(Dataset excerpts)
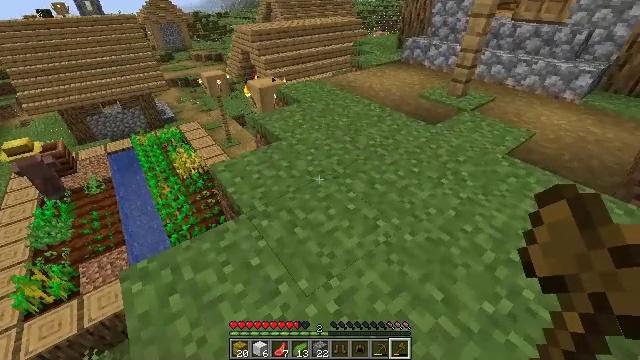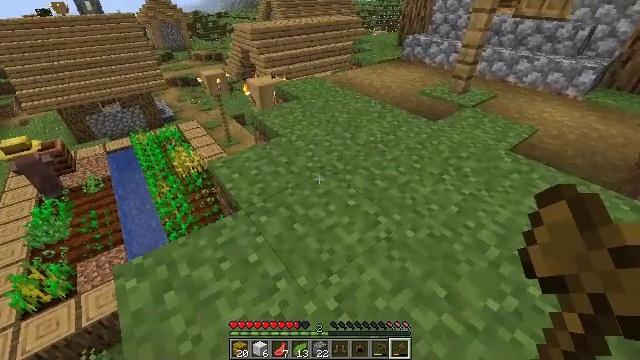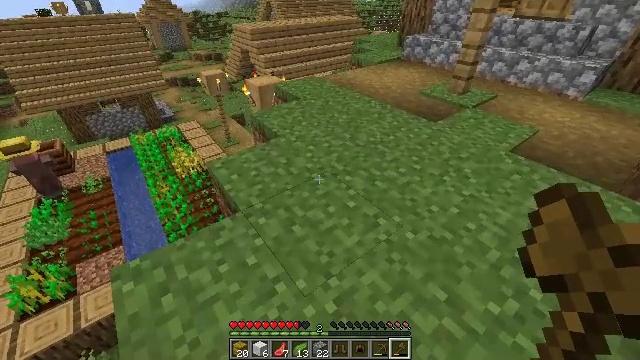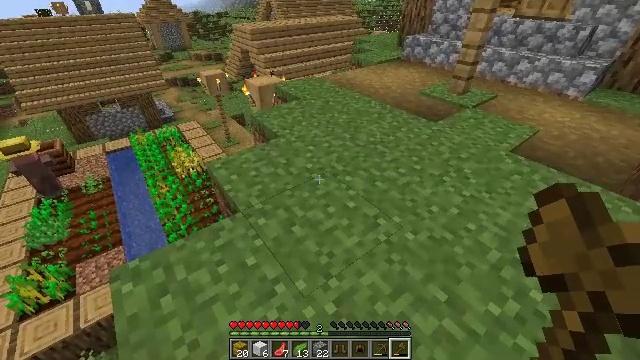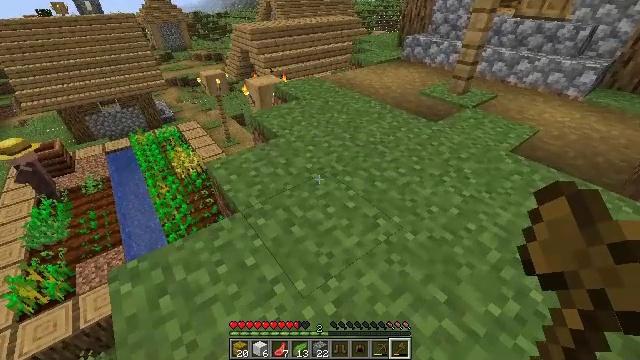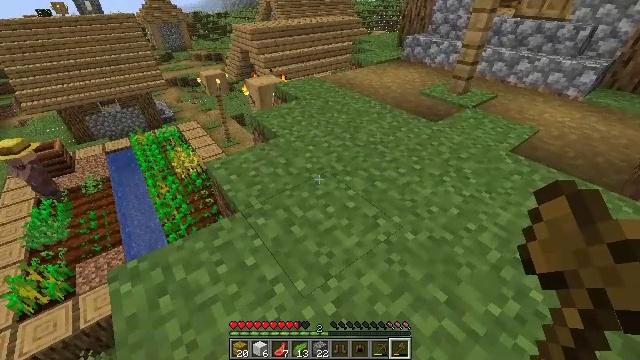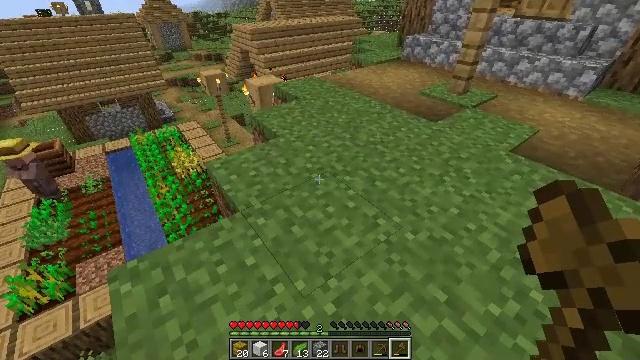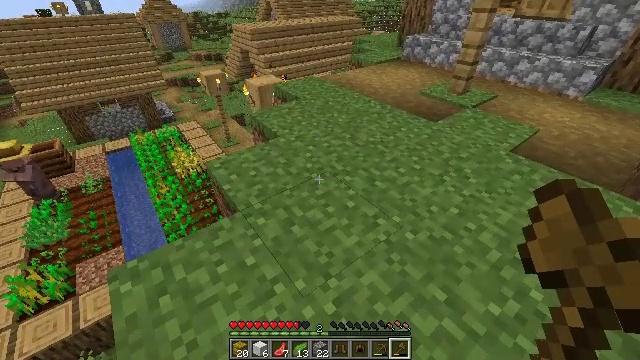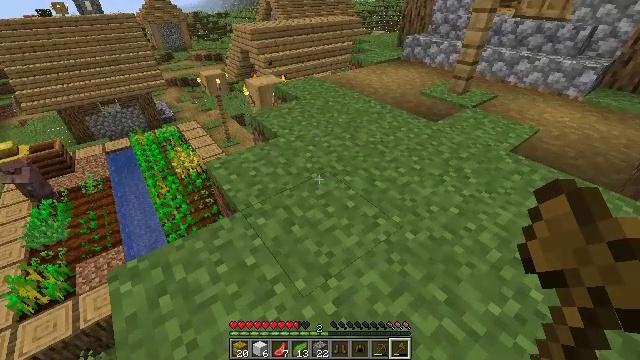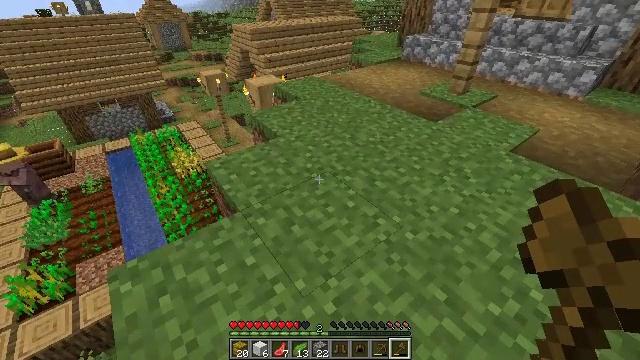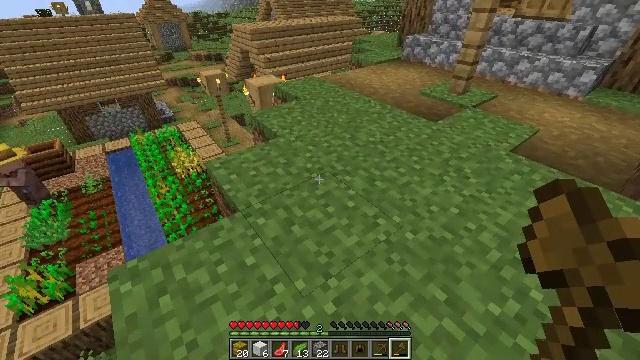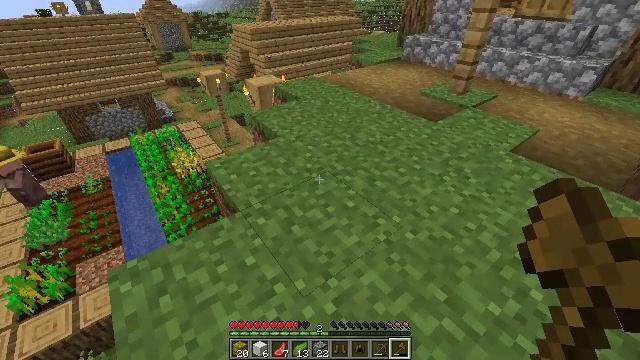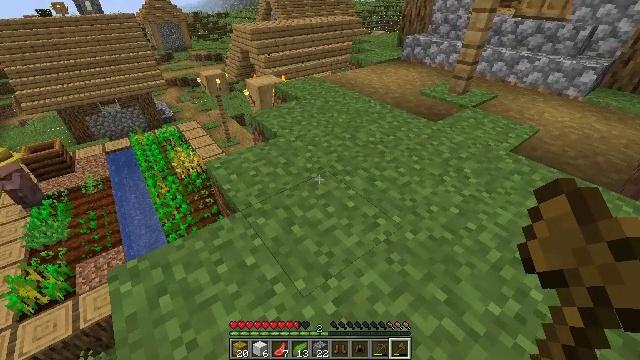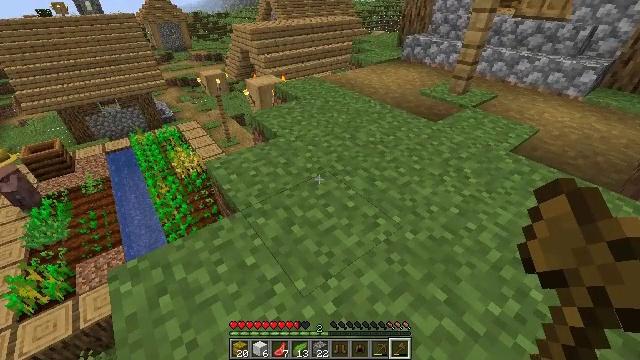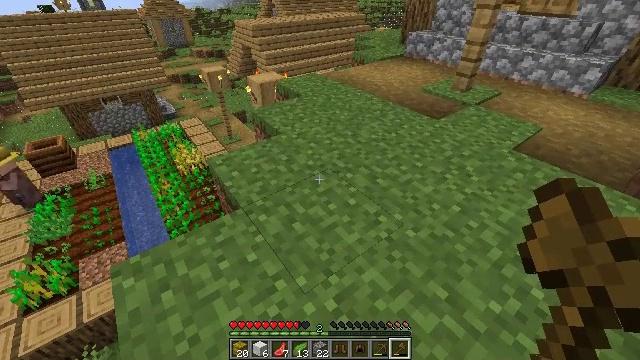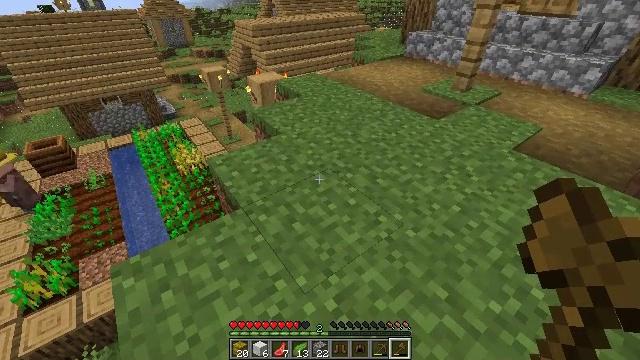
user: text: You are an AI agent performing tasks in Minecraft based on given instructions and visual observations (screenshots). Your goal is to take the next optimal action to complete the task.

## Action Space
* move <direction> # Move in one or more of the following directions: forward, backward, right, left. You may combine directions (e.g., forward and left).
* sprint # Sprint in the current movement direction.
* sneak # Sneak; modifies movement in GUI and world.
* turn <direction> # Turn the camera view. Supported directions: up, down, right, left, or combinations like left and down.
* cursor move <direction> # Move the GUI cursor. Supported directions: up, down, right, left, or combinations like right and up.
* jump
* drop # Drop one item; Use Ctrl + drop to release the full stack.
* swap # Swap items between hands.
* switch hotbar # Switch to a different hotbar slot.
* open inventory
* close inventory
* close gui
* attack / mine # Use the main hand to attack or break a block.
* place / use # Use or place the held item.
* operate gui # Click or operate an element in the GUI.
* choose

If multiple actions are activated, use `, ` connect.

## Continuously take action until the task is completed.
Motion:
* * *
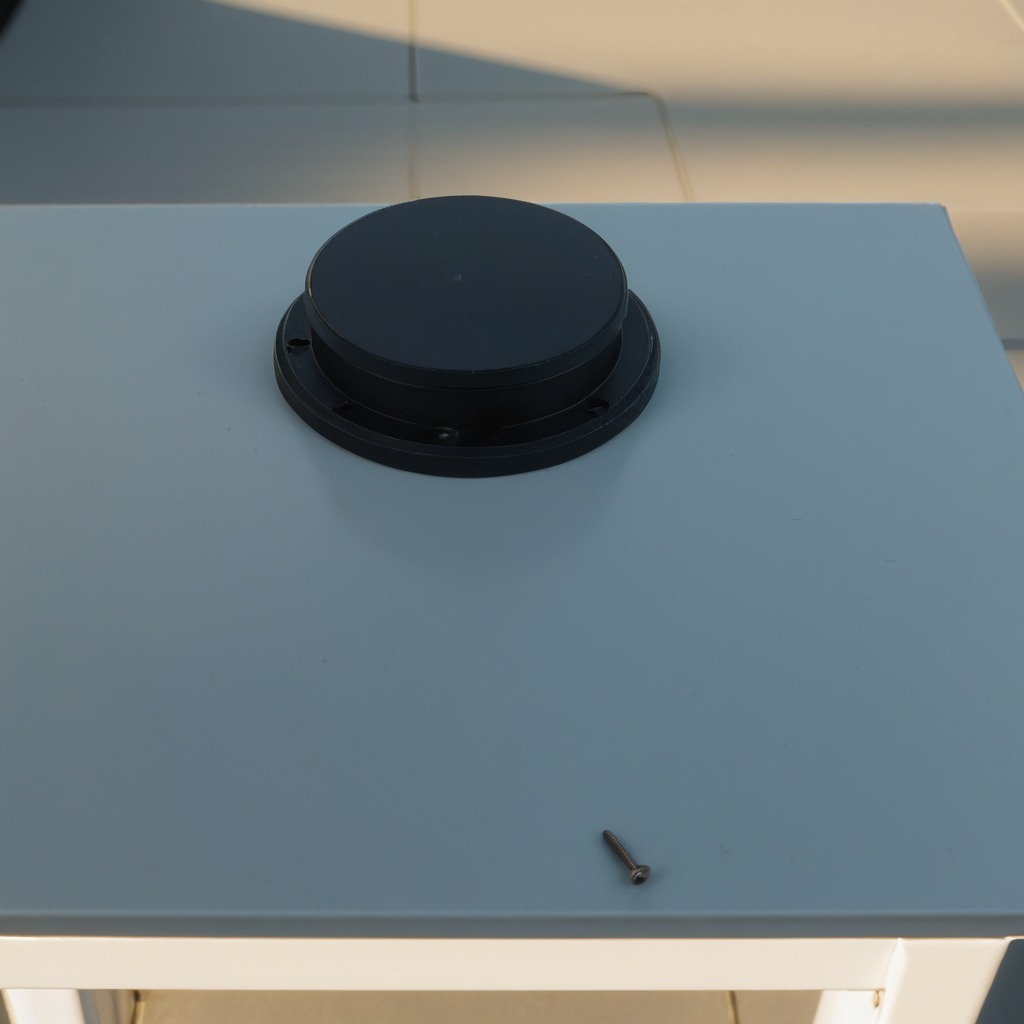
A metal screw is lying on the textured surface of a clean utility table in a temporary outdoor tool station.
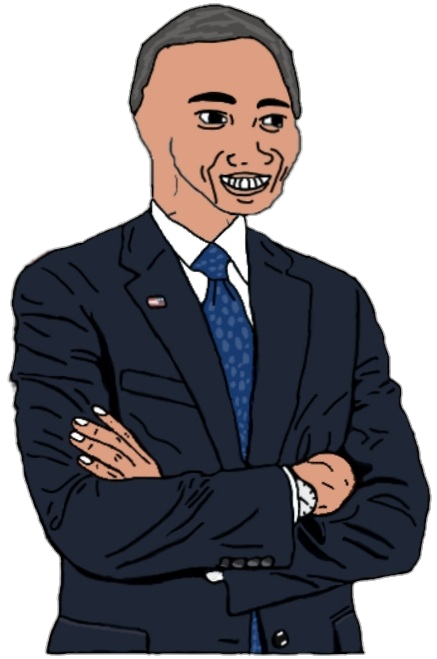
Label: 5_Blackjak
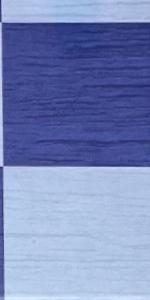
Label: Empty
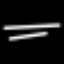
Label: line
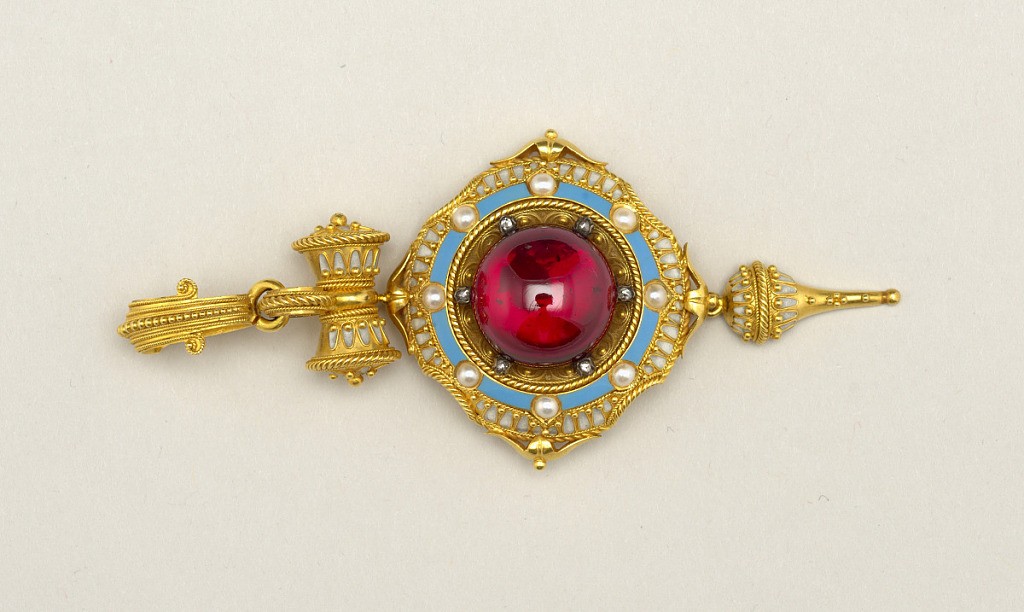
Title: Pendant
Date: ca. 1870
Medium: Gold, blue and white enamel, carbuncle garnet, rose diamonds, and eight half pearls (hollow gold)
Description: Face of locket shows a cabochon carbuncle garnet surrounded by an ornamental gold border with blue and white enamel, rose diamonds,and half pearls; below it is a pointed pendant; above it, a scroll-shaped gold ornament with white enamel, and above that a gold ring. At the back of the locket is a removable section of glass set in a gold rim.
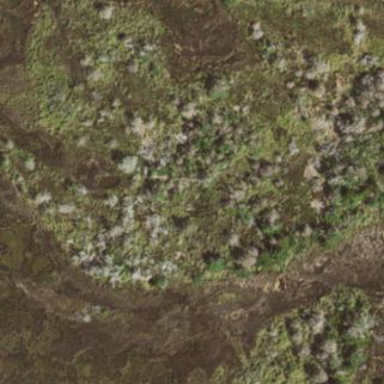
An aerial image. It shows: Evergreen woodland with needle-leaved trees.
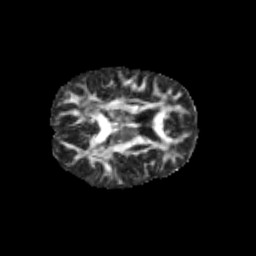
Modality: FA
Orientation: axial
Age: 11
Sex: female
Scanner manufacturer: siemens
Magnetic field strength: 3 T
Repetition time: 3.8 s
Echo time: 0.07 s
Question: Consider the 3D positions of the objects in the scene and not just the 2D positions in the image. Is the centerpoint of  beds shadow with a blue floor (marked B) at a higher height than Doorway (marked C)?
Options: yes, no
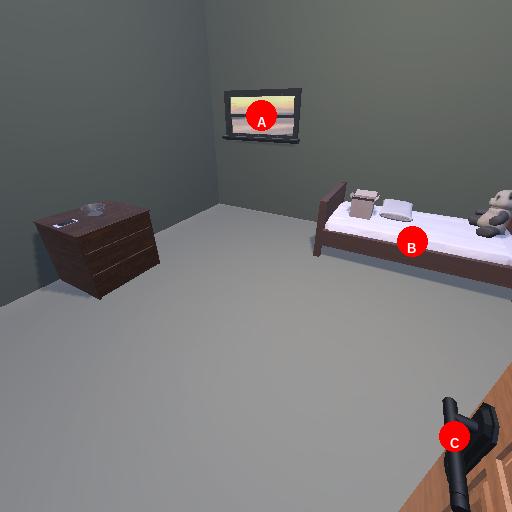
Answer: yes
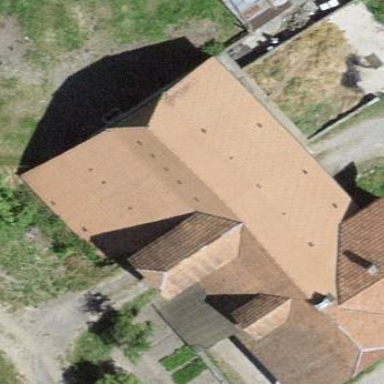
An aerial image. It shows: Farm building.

Try it →
From the data above, output only the lines between the line containing "user: text: You" and the line containing "the full stack.", inclusive, exactly as written.

Task solution →
user: text: You are an AI agent performing tasks in Minecraft based on given instructions and visual observations (screenshots). Your goal is to take the next optimal action to complete the task.

## Action Space
* move <direction> # Move in one or more of the following directions: forward, backward, right, left. You may combine directions (e.g., forward and left).
* sprint # Sprint in the current movement direction.
* sneak # Sneak; modifies movement in GUI and world.
* turn <direction> # Turn the camera view. Supported directions: up, down, right, left, or combinations like left and down.
* cursor move <direction> # Move the GUI cursor. Supported directions: up, down, right, left, or combinations like right and up.
* jump
* drop # Drop one item; Use Ctrl + drop to release the full stack.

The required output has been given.